House may recommend importing onions

House may recommend importing onions

THE HOUSE of Representatives may be poised to recommend the importation of onions in a bid to lower domestic prices of the essential cooking bulbs, a congressman said on Monday.

In a statement, Party-list Rep. Erwin T. Tulfo said importing onions would foil the potential hoarding of onion supplies by local traders who want to artificially inflate market prices of the produce.

“We are closely monitoring the situation of local onion farmers, who are being exploited by traders in their wholesale buying of produce at unjustifiably low prices,” Mr. Tulfo said in Filipino.

Farmers are reportedly forced to sell their onion harvests at a loss of P20 per kilo, P5 short of its original cost of production.

Raul Q. Montemayor, national manager of the Federation of Free Farmers, said the government should also go after onion hoarders as they intentionally cause price spikes.

“Also look into hoarding because a large portion of newly harvested stocks are put into cold storages and sometimes deliberately withheld from the market to create artificial shortages and price spikes,” he told BusinessWorld in a Viber message.
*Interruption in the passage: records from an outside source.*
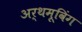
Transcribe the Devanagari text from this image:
अर्थमूविंग
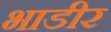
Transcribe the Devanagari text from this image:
भाडीर
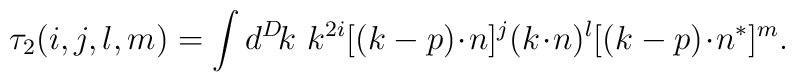
\tau_2(i,j,l,m)=\int d^D\! k\,\,k^{2i}[(k-p)\!\cdot\! n]^j (k\!\cdot\!n)^l [(k-p)\!\cdot \!n^*]^m.
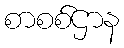
စာစစ်ဌာန
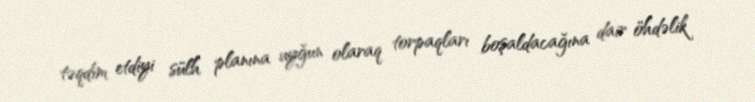
təqdim etdiyi sülh planına uyğun olaraq torpaqları boşaldacağına dair öhdəlik
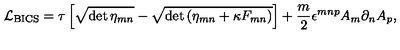
{ \cal L } _ { \mathrm { B I C S } } = \tau \left[ \sqrt { \det \eta _ { m n } } - \sqrt { \det \left( \eta _ { m n } + \kappa F _ { m n } \right) } \right] + \frac { m } { 2 } \epsilon ^ { m n p } A _ { m } \partial _ { n } A _ { p } ,
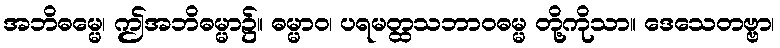
အဘိဓမ္မေ၊ ဤအဘိဓမ္မာ၌။ ဓမ္မာဝ၊ ပရမတ္ထသဘာဝဓမ္မ တို့ကိုသာ။ ဒေသေတဗ္ဗာ၊
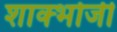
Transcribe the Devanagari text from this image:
शाक्भोजी
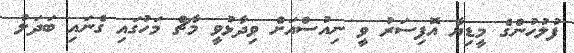
ފުލުހުންގެ މީޑިޔާ އޮފިސަރު ވީ ނިއުސްއަށް ވިދާޅުވީ މާޗް މަހުގައި ގެނައި ބަދަލު
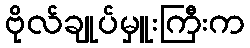
ဗိုလ်ချုပ်မှူးကြီးက
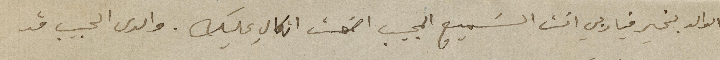
الوالد بخير فيا ربي أنت السَميع المجيب اضمن اتكالي عليك. والدى الحبيب قد
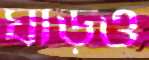
ঘাড়ও
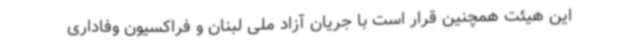
این هیئت همچنین قرار است با جریان آزاد ملی لبنان و فراکسیون وفاداری
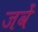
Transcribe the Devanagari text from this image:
जवें
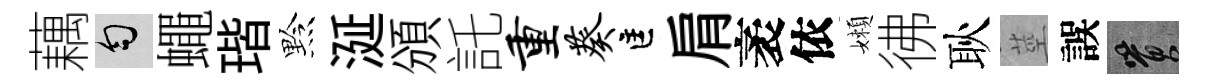
藕匀蠅瑎黔涎頒託重葵匡肩袤依嬾彿耿莖誤篔
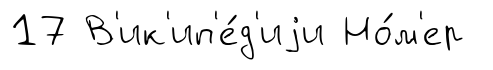
17 В'ик'ип'е́д'иjи Но́м'ер
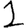
Digit: 1
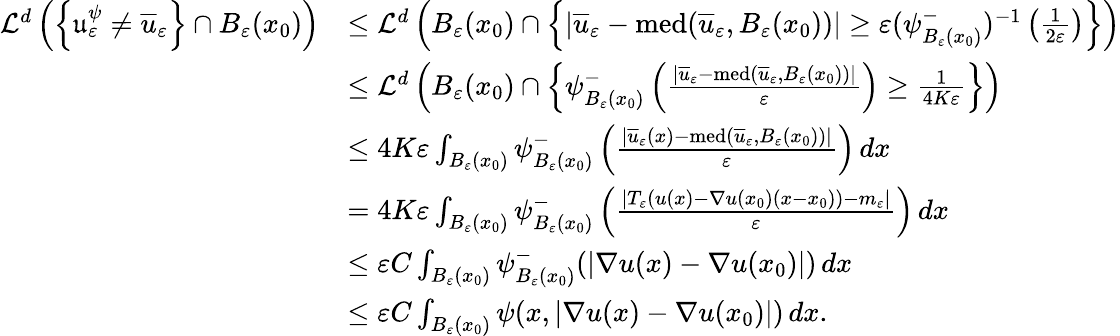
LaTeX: \begin{array}{rl}{\mathcal{L}^{d}\left(\left\{ \mathfrak{u}_{\varepsilon}^{\psi}\neq\overline{{u}}_{\varepsilon}\right\} \cap B_{\varepsilon}(x_{0})\right)}&{\leq\mathcal{L}^{d}\left(B_{\varepsilon}(x_{0})\cap\left\{ |\overline{{u}}_{\varepsilon}-\textnormal{med}(\overline{{u}}_{\varepsilon},B_{\varepsilon}(x_{0}))|\geq\varepsilon(\psi_{B_{\varepsilon}(x_{0})}^{-})^{-1}\left(\frac{1}{2\varepsilon}\right)\right\} \right)}\\ &{\leq\mathcal{L}^{d}\left(B_{\varepsilon}(x_{0})\cap\left\{ \psi_{B_{\varepsilon}(x_{0})}^{-}\left(\frac{|\overline{{u}}_{\varepsilon}-\textnormal{med}(\overline{{u}}_{\varepsilon},B_{\varepsilon}(x_{0}))|}{\varepsilon}\right)\geq\frac{1}{4K\varepsilon}\right\} \right)}\\ &{\leq 4K\varepsilon\int_{B_{\varepsilon}(x_{0})}\psi_{B_{\varepsilon}(x_{0})}^{-}\left(\frac{|\overline{{u}}_{\varepsilon}(x)-\textnormal{med}(\overline{{u}}_{\varepsilon},B_{\varepsilon}(x_{0}))|}{\varepsilon}\right)\, dx}\\ &{=4K\varepsilon\int_{B_{\varepsilon}(x_{0})}\psi_{B_{\varepsilon}(x_{0})}^{-}\left(\frac{|T_{\varepsilon}(u(x)-\nabla u(x_{0})(x-x_{0}))-m_{\varepsilon}|}{\varepsilon}\right)\, dx}\\ &{\leq\varepsilon C\int_{B_{\varepsilon}(x_{0})}\psi_{B_{\varepsilon}(x_{0})}^{-}(|\nabla u(x)-\nabla u(x_{0})|)\, dx}\\ &{\leq\varepsilon C\int_{B_{\varepsilon}(x_{0})}\psi(x,|\nabla u(x)-\nabla u(x_{0})|)\, dx.}\end{array}

“It seems like hoarders are just looking to let the issue die down first before they start buying and stockpiling onions again, just for them to sell at a higher price point later on,” Mr. Tulfo said.

“We have no problem importing onion produce, as long as it doesn’t enter while we still have enough local stocks,” Samahang Industriya ng Agrikultura Executive Director Jayson H. Cainglet told BusinessWorld in Filipino through a Viber message.

But he said the government should deplete the country’s onion stocks first before letting imported onion enter the market.

Commenting on low farmgate prices, Mr. Cainglet said: “The farmgate price for onions is low because there are a lot of smuggled onions in the market.”

Smuggled onions are often sold cheaper, forcing farmers to lower farmgate prices to be competitive.

Mr. Cainglet recommended that the government address smuggling to offer local farmers relief. “Next harvest (season), it is important to ensure that there are no imported or smuggled products in the market,” he said in Filipino.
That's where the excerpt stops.